= John Humfrey =

English clergyman

John Humfrey (1621–1719) was an English clergyman, an ejected minister from 1662 and controversialist active in the Presbyterian cause.

==Life==
He graduated B.A from Pembroke College, Oxford in 1641, and M.A. in 1647. He studied in Oxford during the royalist occupation there.

He received presbyterian ordination in 1649, and became vicar of Frome Selwood, Somerset. He defended with Thomas Blake free admission to communion, in a controversy that opposed him to Roger Drake. His views of the Interregnum period were Erastian.

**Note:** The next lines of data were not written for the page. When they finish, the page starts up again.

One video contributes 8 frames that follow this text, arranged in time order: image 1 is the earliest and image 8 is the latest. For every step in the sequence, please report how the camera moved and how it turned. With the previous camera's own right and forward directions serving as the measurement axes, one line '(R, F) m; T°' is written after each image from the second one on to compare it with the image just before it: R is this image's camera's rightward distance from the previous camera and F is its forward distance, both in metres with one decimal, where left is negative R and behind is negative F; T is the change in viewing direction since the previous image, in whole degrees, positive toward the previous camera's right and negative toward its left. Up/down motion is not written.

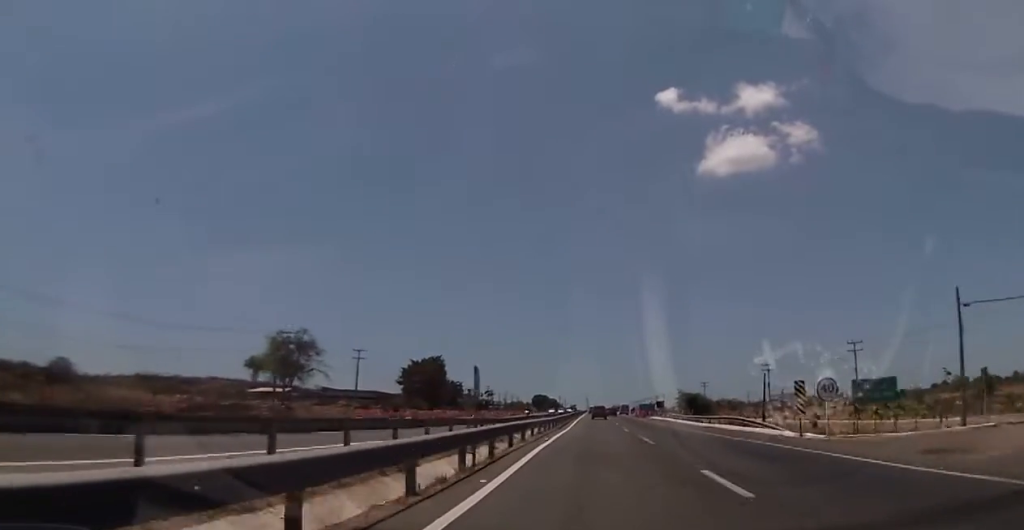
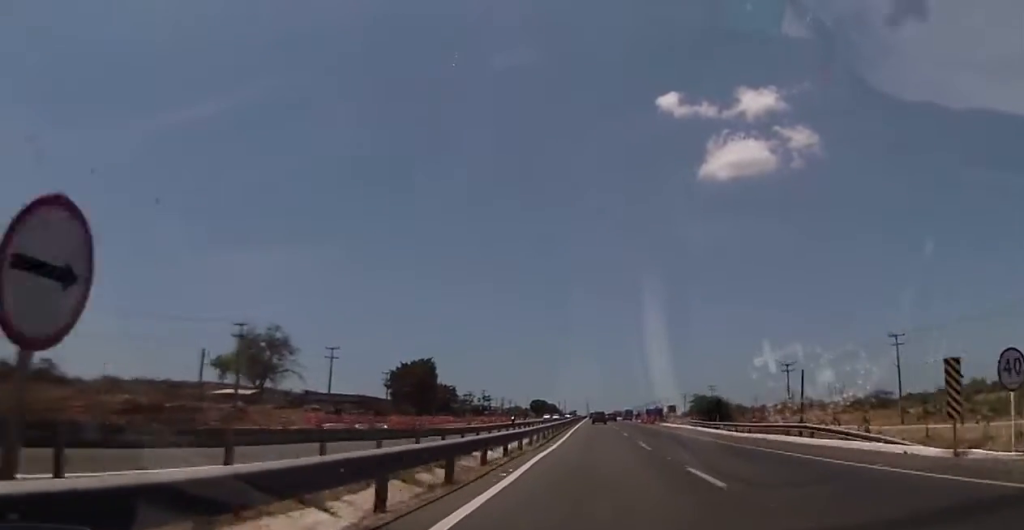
(+0.1, +13.8) m; +1°
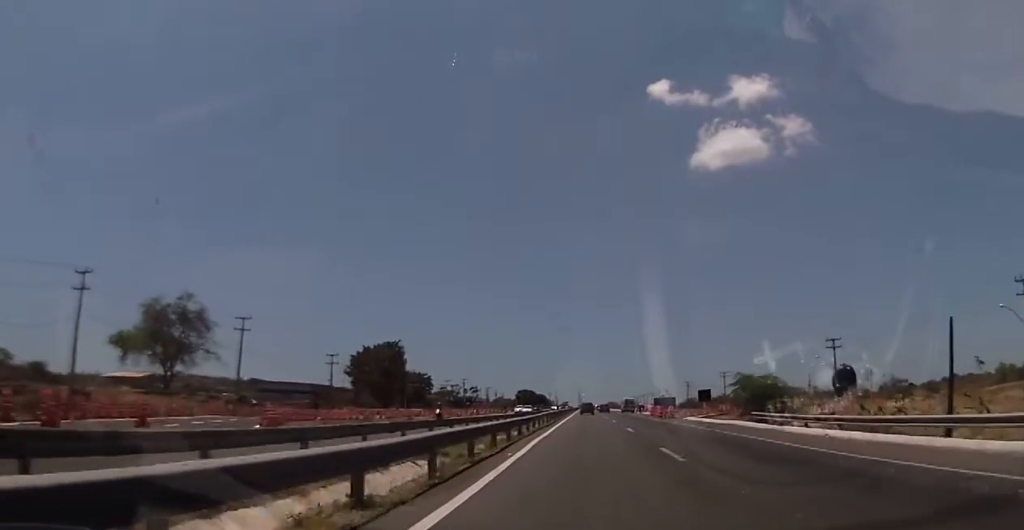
(+0.5, +28.7) m; +1°
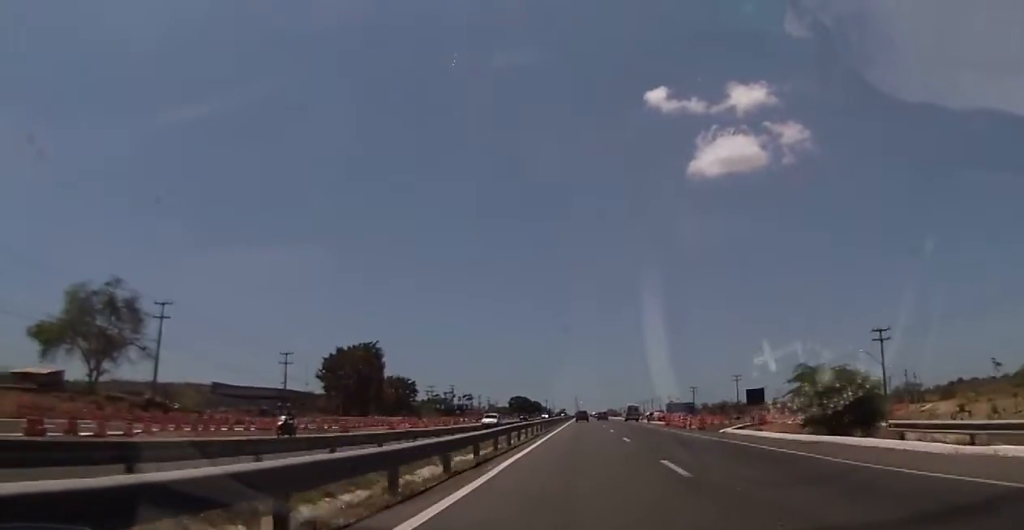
(0.0, +17.6) m; 0°
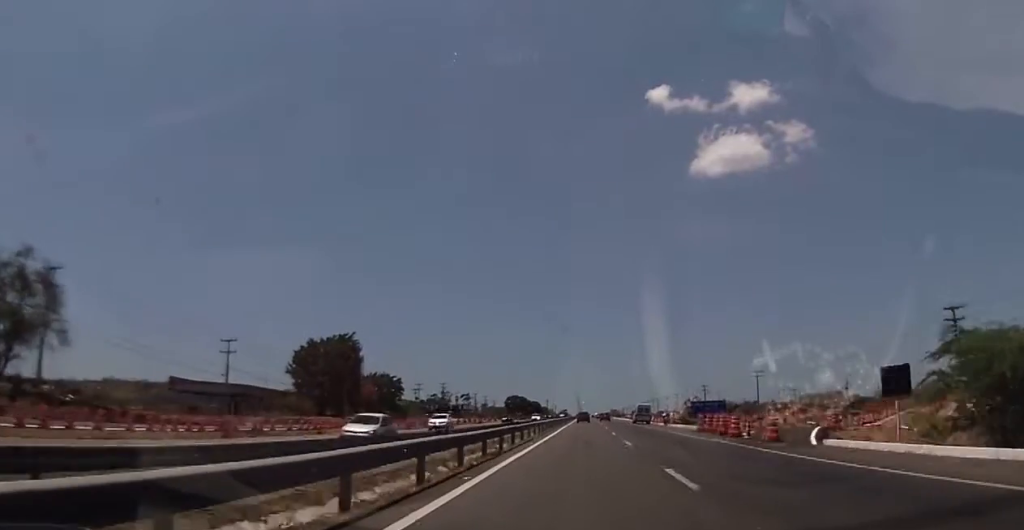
(0.0, +17.7) m; 0°
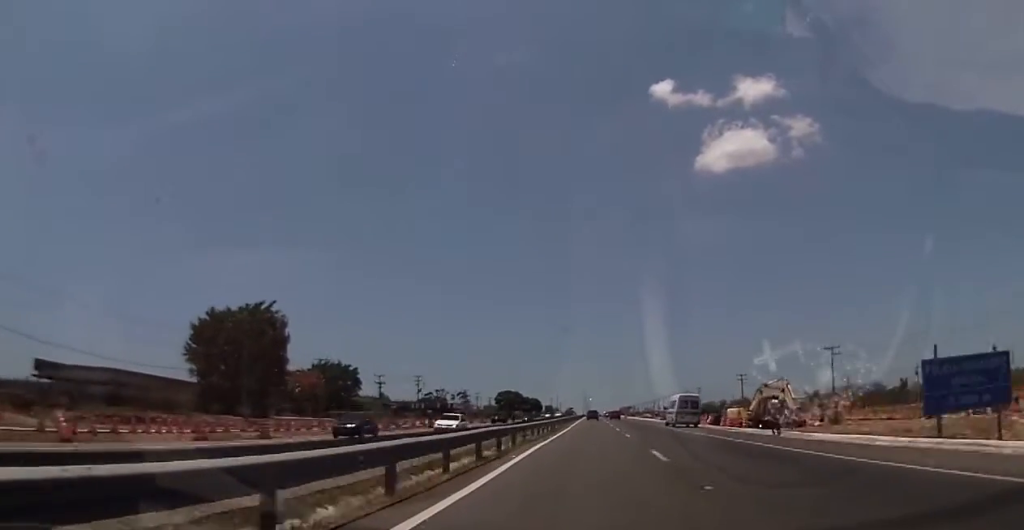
(+0.1, +41.2) m; 0°
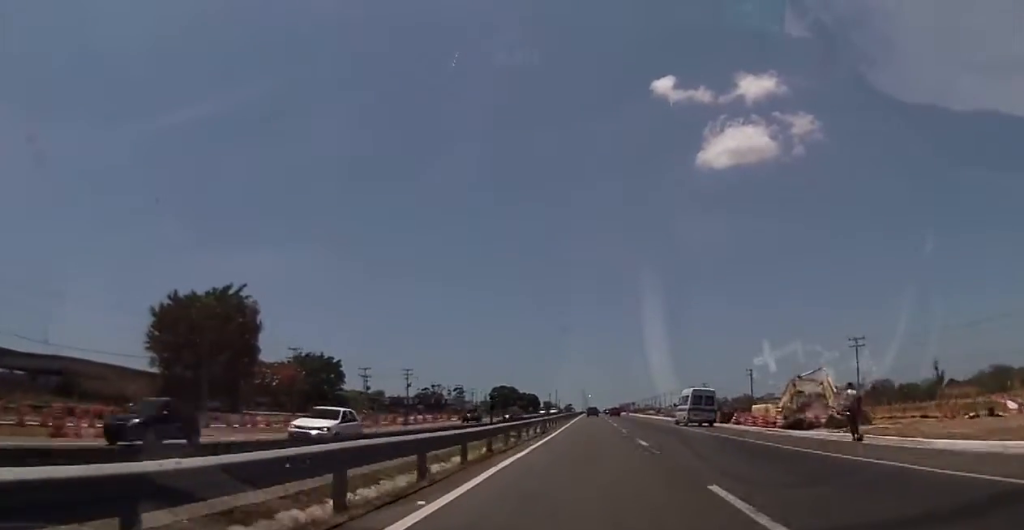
(0.0, +10.1) m; 0°
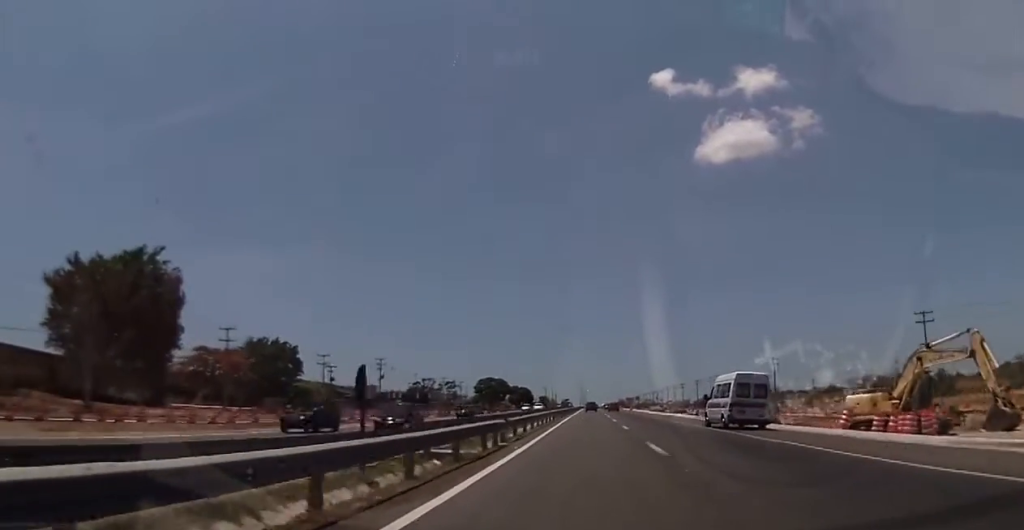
(0.0, +20.8) m; 0°

He was re-ordained by William Piers, Bishop of Bath and Wells in 1661. Humfrey defended his action, in The Question of Re-Ordination(1661). He shortly changed his mind, however, and lost his living in 1662 for nonconformism. He set up a church in Duke's Place, London, and afterwards in Petticoat Lane, Whitechapel.

With the congregationalist Stephen Lobb he wrote two works against Edward Stillingfleet's Mischief of Separation. He was a staunch advocate of a national church and the unity of Protestants within it, and supported ‘comprehension’, the adjustment of positions to bring nonconformists back within the Church of England. His A Case of Conscience (1669) argued that in matter of religion the magistrate should not constrain people against the requirements of their conscience.